Dunia Anjani runtuh dalam sekejap. Rasanya seperti ribuan jarum tajam menusuk jantungnya secara bersamaan. Ia melihat ponsel Malik yang tergeletak di atas meja kerja, layarnya yang menyala menampilkan pesan singkat bernada mesra yang tak sanggup lagi ia baca lebih jauh. Pengkhianatan ini terasa dua kali lipat lebih menyakitkan karena melibatkan dua orang yang paling ia percayai di dunia ini.
"Anjani?"
Suara Malik yang berat dan tenang kini terdengar seperti belati bagi telinga Anjani. Malik melepaskan pelukannya dari Dara, namun tidak ada ekspresi bersalah atau malu di wajahnya. Pria itu justru menatap Anjani dengan tatapan datar, seolah keberadaan istrinya di sana hanyalah gangguan kecil dalam rencananya. Sementara itu, Dara hanya menunduk, menyembunyikan seringai kemenangan yang tipis di balik helai rambutnya yang terurai.
Sebelum Anjani mampu mengeluarkan satu patah kata pun dari tenggorokannya yang tercekat, suara melengking yang familiar dan menyakitkan telinga memecah suasana.
"Ada apa ini? Kenapa ribut-ribut di depan pintu? Dasar tidak punya sopan santun!"
****
Bu Anne, ibu mertua Anjani, melangkah masuk ke ruangan dengan angkuh. Jubah sutranya menjuntai di lantai marmer, seolah-olah rumah itu adalah istana miliknya seorang. Matanya yang tajam bak elang segera tertuju pada Anjani. Tanpa bertanya apa yang sebenarnya terjadi, tanpa peduli pada air mata yang mulai menggenang di pelupuk mata menantunya, Bu Anne langsung mengeluarkan taringnya.
"Oh, lihat ini! Si gembel ini berdiri seperti orang linglung. Apa kau tidak punya pekerjaan lain selain memata-matai suamimu, hah?" Bu Anne berjalan mendekat, menunjuk wajah Anjani dengan jari yang dihiasi cincin berlian besar. Suaranya yang cempreng, yang sering Anjani sebut sebagai 'mulut petasan banting', memenuhi ruangan dengan cacian yang menyayat hati.
"Anjani, aku sudah muak melihat wajah pasrahmu itu! Kau pikir dengan wajah memelas seperti itu kau bisa menutupi asal-usul keluargamu yang miskin papa? Kau ini benalu! Malik seharusnya menikah dengan wanita yang sepadan, bukan dengan gadis kampung yang datang dari keluarga tidak jelas seperti kau!"
Anjani terdiam, bukan karena ia takut, melainkan karena ia tengah berusaha mengumpulkan serpihan harga dirinya yang berserakan. Ia menatap Malik, berharap pria itu akan membela atau setidaknya menegur ibunya. Namun, Malik justru berbalik memunggungi mereka, kembali duduk di kursi kerjanya dan sibuk dengan dokumen di depannya, mengabaikan drama yang terjadi seolah-olah Anjani sudah tidak lagi dianggap sebagai manusia.

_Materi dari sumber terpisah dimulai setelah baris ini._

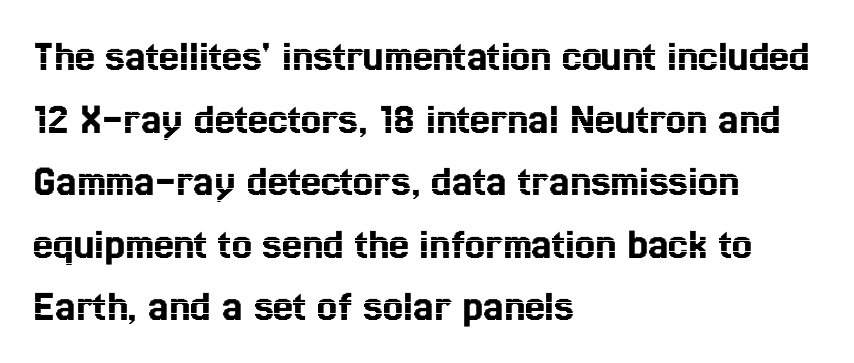
The image shows 45 px condensed type, upright; set left-aligned, normal line spacing (1.39x), normal letter spacing, not underlined; a medium x-height.
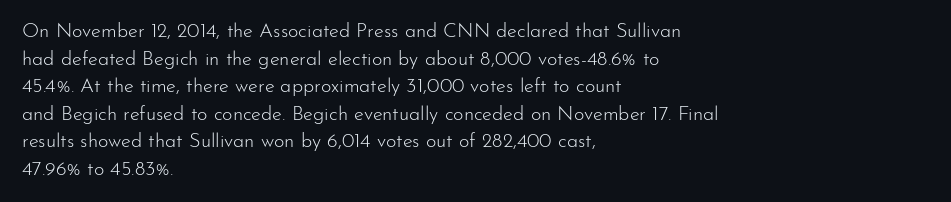
The image shows 20 px text type, upright; set left-aligned, normal line spacing (1.38x), normal letter spacing, not underlined.
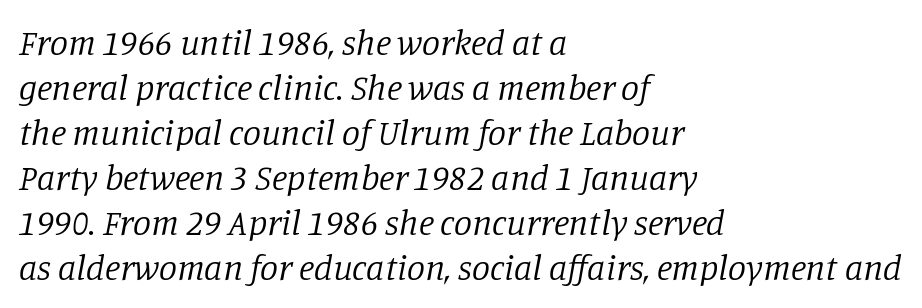
The image shows 36 px regular-weight serif type, italic (leaning right); set left-aligned, normal line spacing (1.25x), normal letter spacing, not underlined; low stroke contrast and a large x-height.
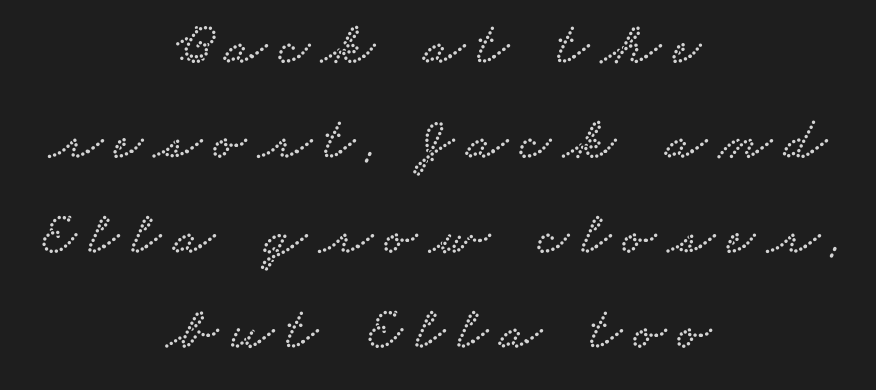
Q: Is the typeface a serif or a sans-serif typeface? A: Serif.
Q: Is the text underlined? A: No.
Q: How is the paragraph aligned? A: Centered.
Q: Is the spacing between letters normal or unusually wide? A: Unusually wide.
Q: Is the spacing between lines tight, normal or loose? A: Normal.
Q: Width (condensed, normal, or wide)? A: Wide.
Q: Stroke contrast? A: Low.
Q: x-height? A: Small.
Q: Monospaced? A: No.
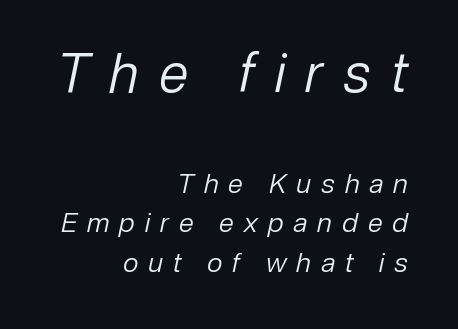
{"italic": "yes", "lean": "right", "slant_degrees": 12, "bold": "no", "weight": "regular", "width": "normal", "stroke_contrast": "low", "x_height": "medium", "monospaced": "no", "underline": "no", "align": "right", "line_spacing": "normal", "line_spacing_ratio": 1.46, "letter_spacing": "wide", "letter_spacing_em": 0.37, "larger_block": "first", "size_ratio": 2.0, "glyph_px": 54}
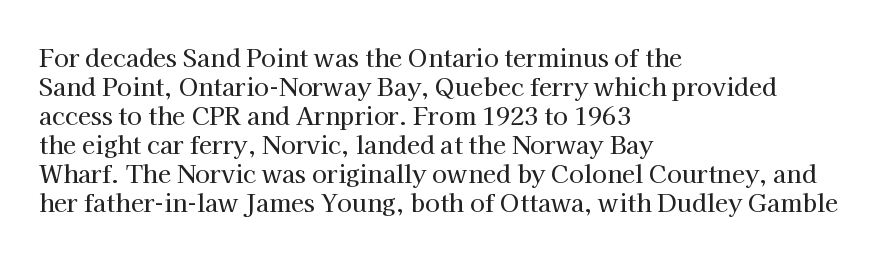
{"italic": "no", "underline": "no", "align": "left", "line_spacing_ratio": 1.21, "letter_spacing": "normal", "letter_spacing_em": 0.0, "glyph_px": 24}
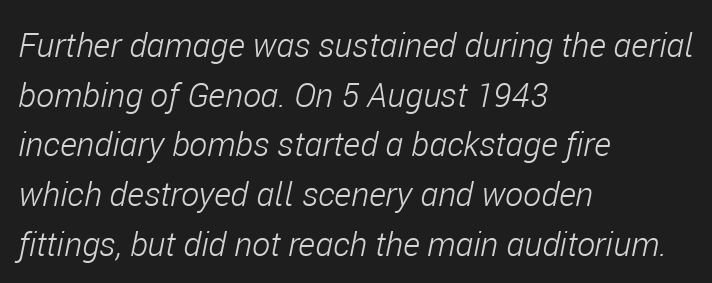
Q: Is the text bold? A: No.
Q: Is the text italic (slanted)? A: Yes, it leans right by about 11 degrees.
Q: Is the text underlined? A: No.
Q: How is the paragraph aligned? A: Left-aligned.
Q: Is the spacing between letters normal or unusually wide? A: Normal.
Q: Is the spacing between lines tight, normal or loose? A: Normal.
Q: Width (condensed, normal, or wide)? A: Condensed.
Q: Stroke contrast? A: Low.
Q: x-height? A: Medium.
Q: Monospaced? A: No.
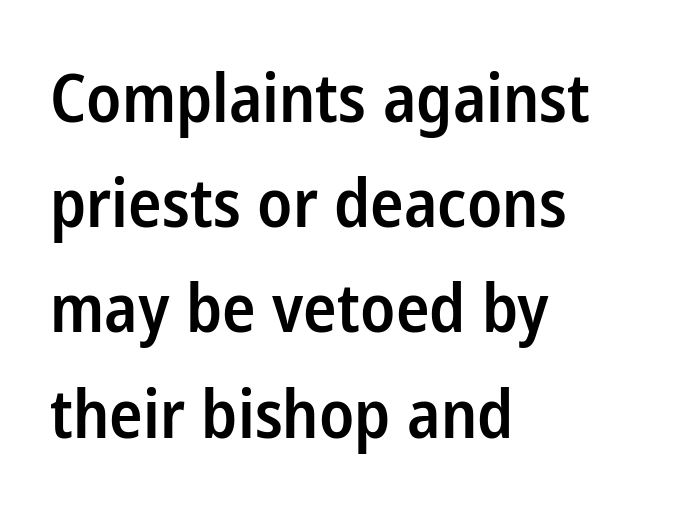
You can tell from the bare stems that sans-serif type was used. Honestly, the row spacing looks completely unremarkable. The gap between lines stays unmarked. Quick note: not italic, upright. You could not count columns in this text — the font is proportionally spaced. Look at the tracking — it's just the regular setting, nothing added.
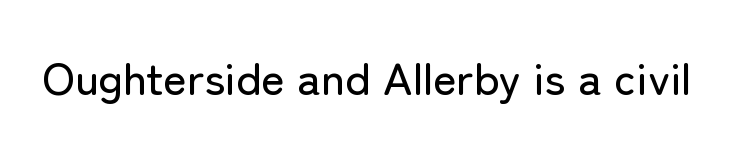
Q: Is the text italic (slanted)? A: No, it is upright.
Q: Is the typeface a serif or a sans-serif typeface? A: Sans-serif.
Q: Is the text underlined? A: No.
Q: Is the spacing between letters normal or unusually wide? A: Normal.
Q: Width (condensed, normal, or wide)? A: Normal.
Q: Stroke contrast? A: Low.
Q: x-height? A: Medium.
Q: Monospaced? A: No.
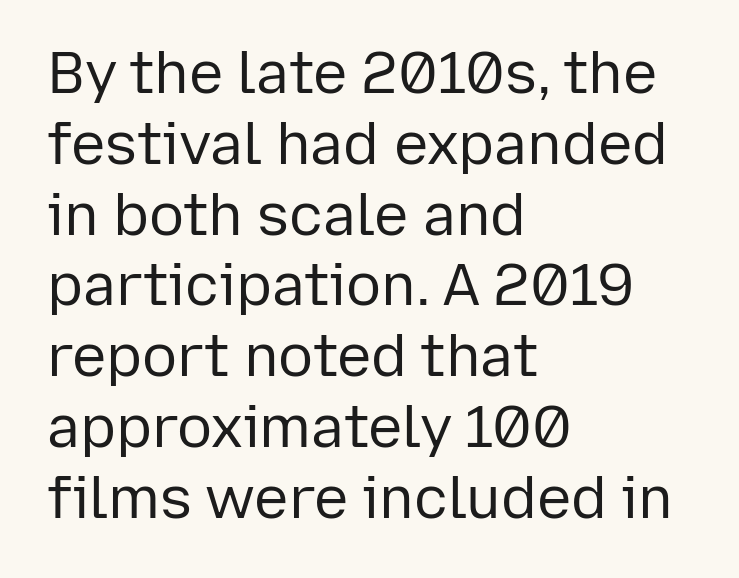
Lines of text with bare space underneath. Check where the strokes stop: nothing finishes them off — pure sans. These lines are rendered in a variable-pitch font. Stems and bowls with no extra thickness — not bold. The specimen reads as upright at a glance. Each line starts at the same left margin while the right side varies.

"Diamlah, Ma," suara Malik datar, tanpa emosi. "Dia hanya kaget. Biarkan dia pergi dari sini. Aku sedang sibuk."
"Dengar itu!" Bu Anne meludah kata-katanya ke arah Anjani. "Bahkan anakku saja jijik melihatmu! Kau tidak tahu malu, sudah numpang hidup, tidak bisa memberi cucu, sekarang malah mengganggu pekerjaan suamimu. Pergi! Jangan sampai aku memanggil satpam untuk menyeretmu keluar dari rumah ini, atau sekalian aku masukkan kau ke sel polisi karena kau sudah berani masuk ke ruang kerja tanpa izin!"
****
Anjani merasakan kemarahan yang luar biasa, namun ia juga menyadari satu hal: di rumah ini, ia sudah tidak memiliki siapa-siapa. Cinta Malik telah mati, sahabatnya telah berkhianat, dan ibu mertuanya adalah iblis yang siap mencabik-cabiknya setiap detik.
"Aku bukan benalu," suara Anjani bergetar, namun tegas. Ia meletakkan nampan teh yang masih ia pegang dengan perlahan ke atas meja nakas di dekat pintu. "Dan aku tidak pernah memohon untuk berada di sini. Perselingkuhan ini... aku sudah melihatnya. Malik, kau dan Dara... kalian benar-benar menjijikkan."
Dara yang sedari tadi diam akhirnya mengangkat wajah. Ia menatap Anjani dengan tatapan merendahkan. "Anjani, jangan dramatis. Malik hanya tidak bahagia bersamamu. Kau terlalu membosankan. Kau tidak tahu cara bersenang-senang, tidak seperti kami."
Bu Anne tertawa terbahak-bahak, tawa yang terdengar seperti suara besi beradu. "Dengar itu! Bahkan temanmu sendiri sudah muak denganmu. Memang benar kata orang, orang miskin itu mentalnya tidak akan pernah bisa naik kelas. Sudah, pergi sana! Jangan tunjukkan lagi wajah memuakkanmu itu di depan rumahku!"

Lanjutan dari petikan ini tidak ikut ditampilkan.